第41章淮书礼中举
七月,淮书礼辞去教书先生一职,牵着马车去镖局告别。
桑父搬着大包小包到马车里,临行时,叮嘱完这个,又操心起那个。
“下个月就是乡试了,贤婿啊,你定能鲤跃龙门,到时候,我亲自护送你去贡院。”
“好,小婿先谢过岳父了。”
最后,桑父将人送到镇口,又目送老远。
“此子非池中之物,他日荣华富贵,只求能善待我闺女。”
说完,桑父忍不住自我欣赏,这么一番文绉绉的话,居然是从他嘴里吐出来的。
日升又日落,夕阳余晖下,马车缓缓前行。
赶在天黑前,淮书礼回到家,却不见自家娘子的人。
“你嫂嫂呢?”
过来帮忙的淮小妹指了指东屋,“嫂嫂肚子不舒服,在**躺着。”
听完,淮书礼拎着一包点心推开房门,屋子里黑乎乎的,他摸黑点亮蜡烛。
光亮突现,**昏睡的人儿缓缓睁开眼睛,声音有气无力的,“你回来了。”
“嗯。”淮书礼上前去,拆开油纸包,甜香飘出,“岳父特意让我带回来的点心,你爱吃的枣泥酥,吃一个。”

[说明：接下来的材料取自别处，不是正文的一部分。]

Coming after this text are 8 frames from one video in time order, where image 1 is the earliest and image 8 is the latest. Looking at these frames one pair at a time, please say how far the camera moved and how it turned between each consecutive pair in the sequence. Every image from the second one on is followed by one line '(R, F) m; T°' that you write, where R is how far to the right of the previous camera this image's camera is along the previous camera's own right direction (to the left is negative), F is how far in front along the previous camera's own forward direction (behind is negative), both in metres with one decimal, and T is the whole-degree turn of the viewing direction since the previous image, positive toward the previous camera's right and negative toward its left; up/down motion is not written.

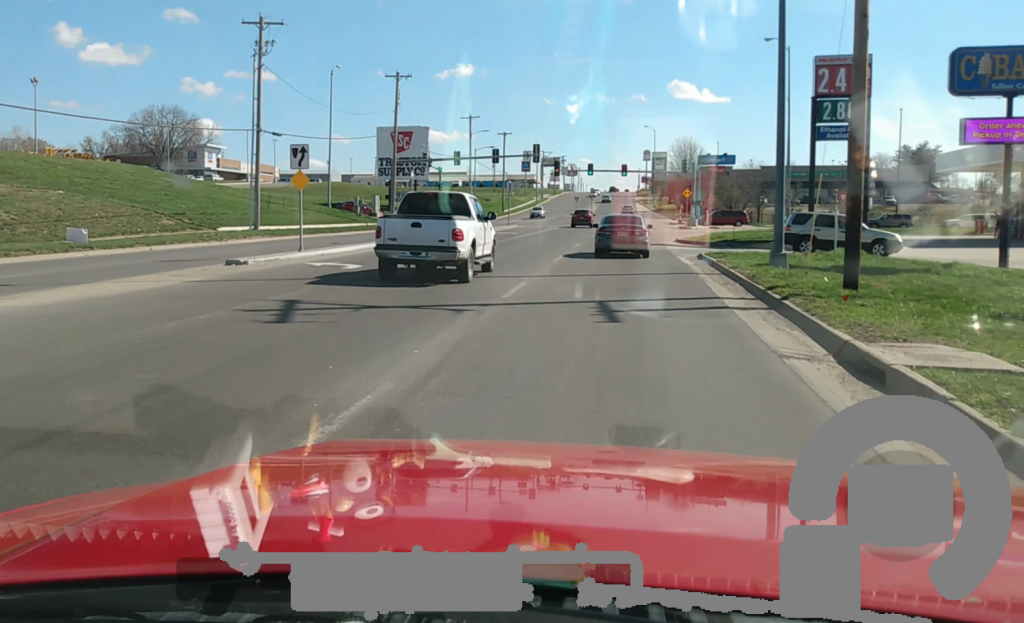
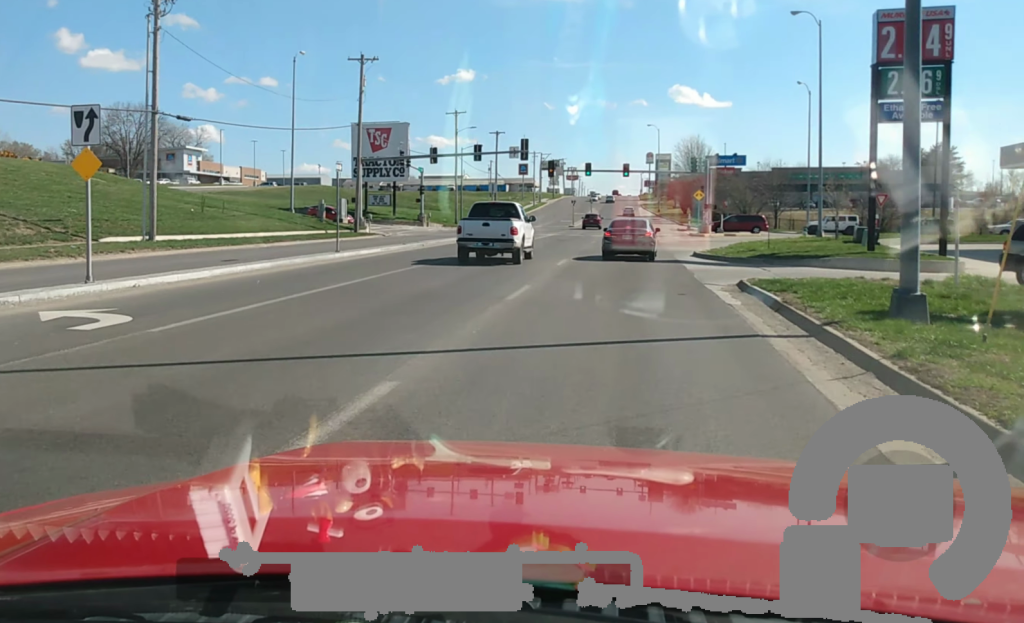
(-0.2, +11.7) m; 0°
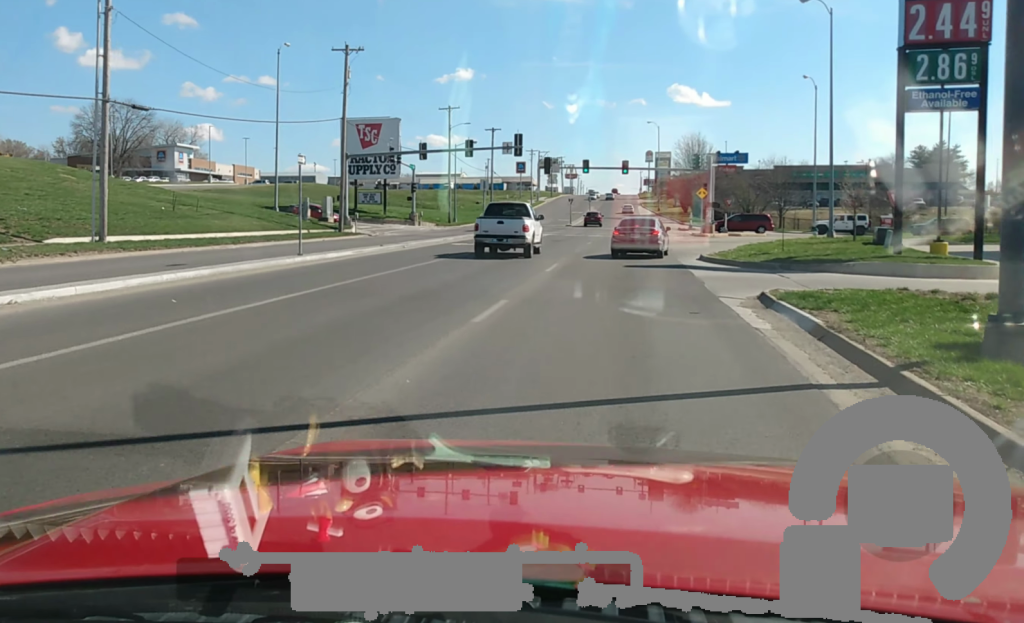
(+0.1, +3.6) m; -1°
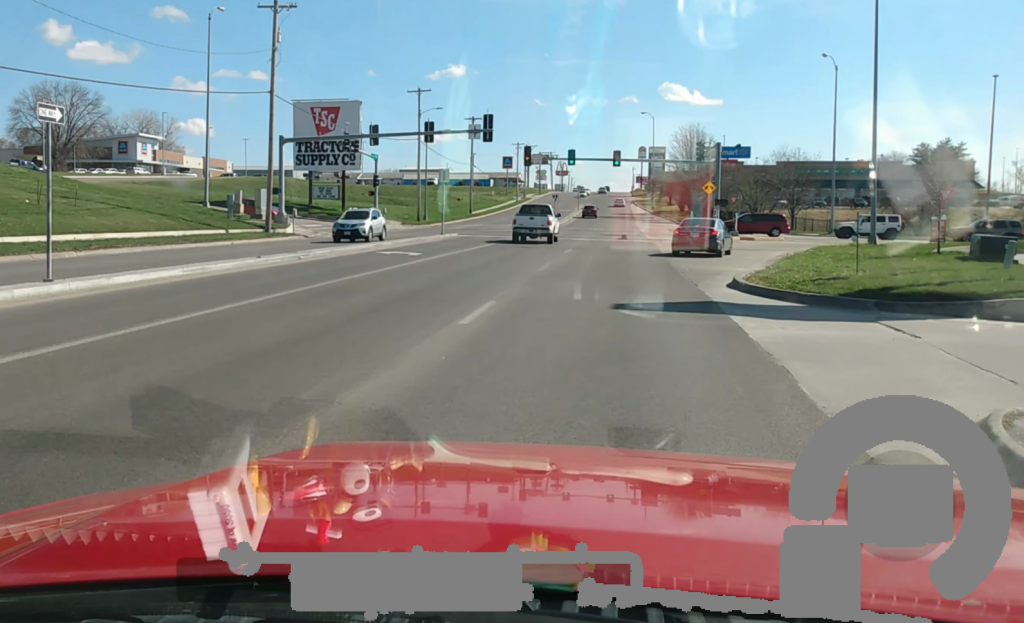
(-0.5, +11.4) m; +1°
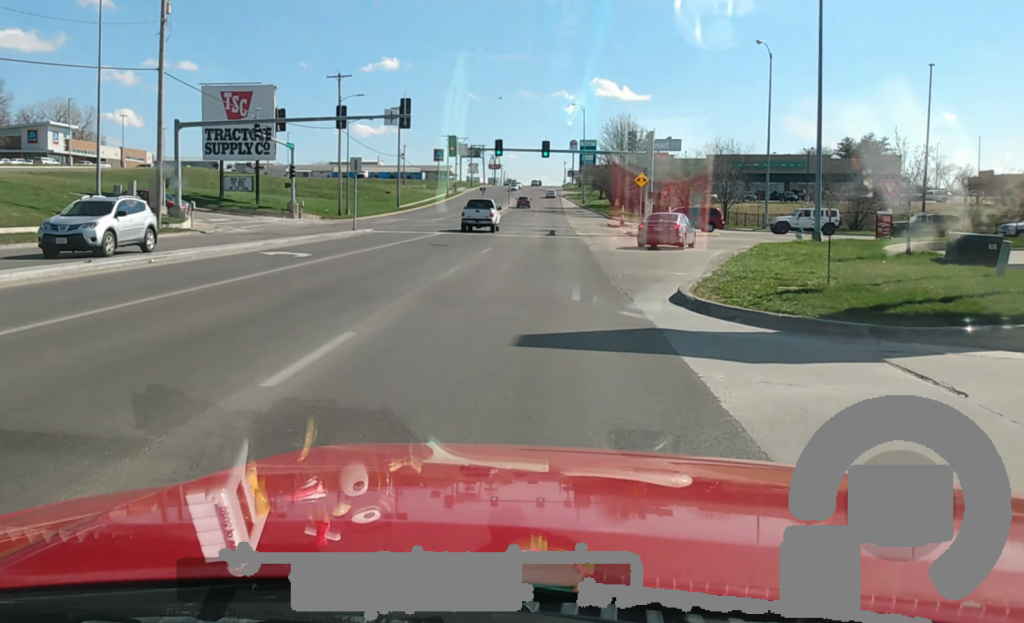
(+0.6, +4.5) m; +15°
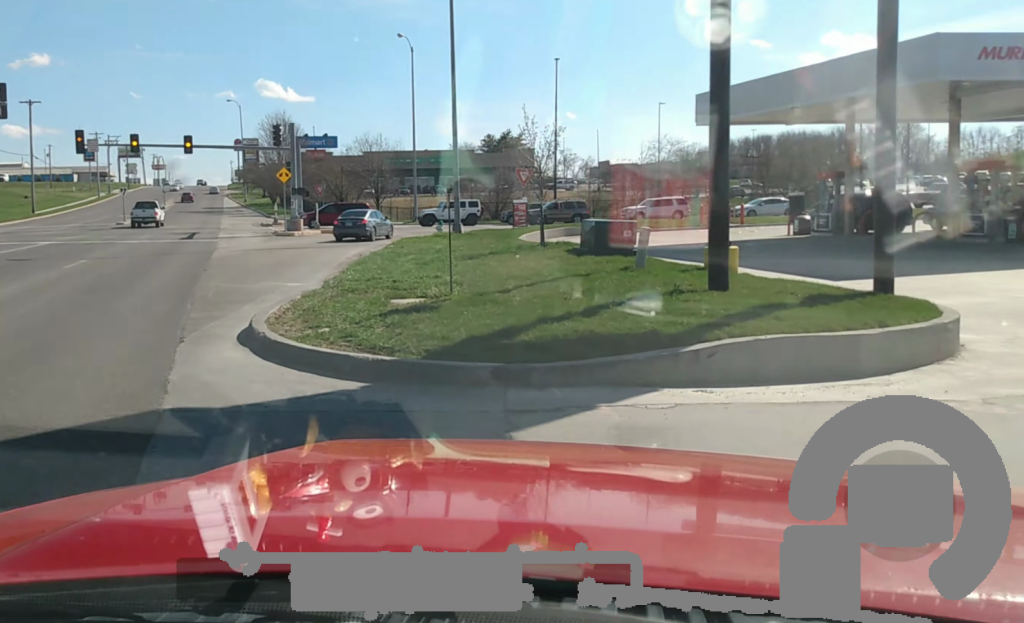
(+1.3, +5.9) m; +20°
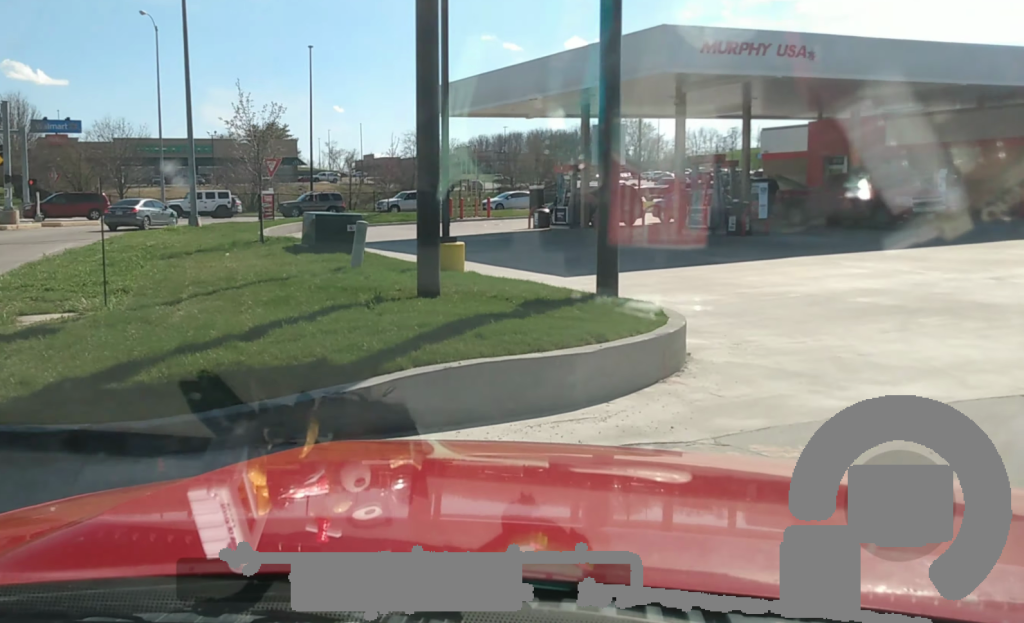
(+0.1, +3.1) m; +9°
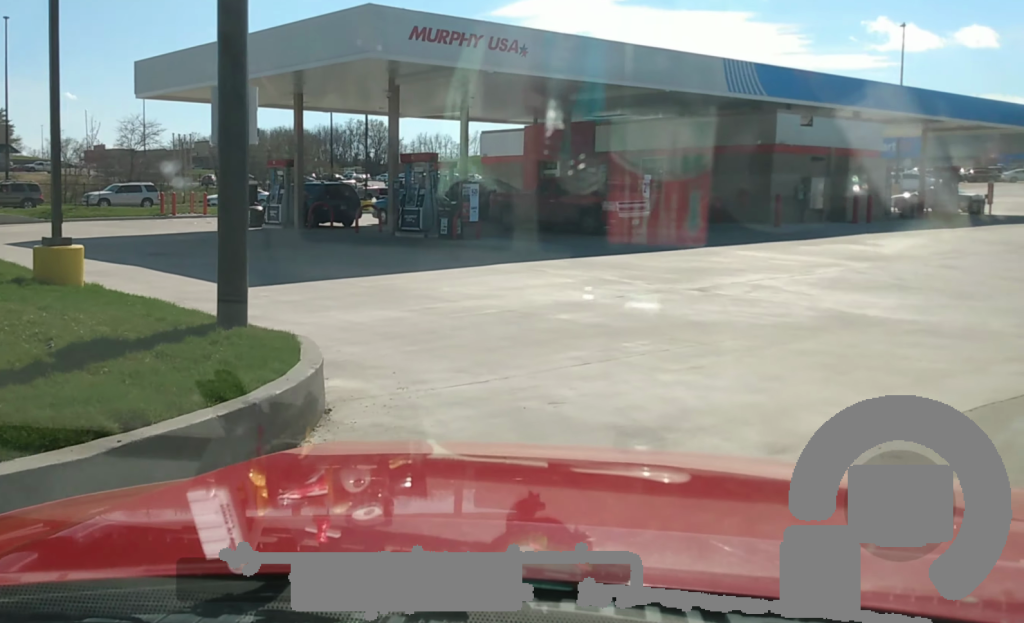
(+0.5, +4.2) m; +12°

他捻起一块喂到桑叶的嘴边,瞧清楚对方苍白的脸色后,眉头不禁皱了一下。
“明天一早,我去请大夫。”
“不用。”桑叶吃着甜食,身心都舒服不少,脸上多了一抹笑容,“睡一会儿已经好很多了,怪我前几日贪凉,再来一块。”
吃了几块枣泥酥后,桑叶就已经饱腹,稍稍有了精神,靠坐在床头看起书来。
“你去吃饭吧,不用管我。”
“好,我尽快回来。”
“不用。”桑叶随口一说。
淮书礼的脚步一滞,回头认真道:“用的。”
然而,埋头看书的桑叶丝毫没注意到他眼中的执着,以及藏在深处的一丝阴鸷。
夜晚并不宁静,田里的蛙鸣不断,时不时地响起狗吠。
床帐里,睡不安稳的桑叶翻来覆去,在黑暗中倏地睁开眼睛,盯着面前熟睡的人。
“好气~”
她一拳捶在淮书礼的胸口,对方迷迷糊糊的握住她的手,本能地十指紧扣,无意识地唤了一声娘子。
“这是梦到我了?该不会是个……春梦吧?”
借着微弱的光,她凝视着淮书礼的睡颜,思绪万千,好像理不出一个头。
“都是纸片人,别当真。”
可如果是一场美梦,我愿意放纵自己沉溺其中。
明年开春就是春闱了,算来也只剩半年左右。
桑叶伸手戳了戳他的脸颊,明明就是有血有肉有感情的人,近在咫尺可以触摸的。
“别想了,完成任务就回去,继续孤独终老。”
在她合眼的那一刻,淮书礼苏醒过来,眼神中流淌着难以名状的情绪。
她的心中所想,他都知晓。
平淡又忙绿的日子过得好快,乡试就在几日后,淮书礼收拾好行囊启程去贡院。
按照约定,桑父亲自来村里接的人,顺带看望看望自家闺女。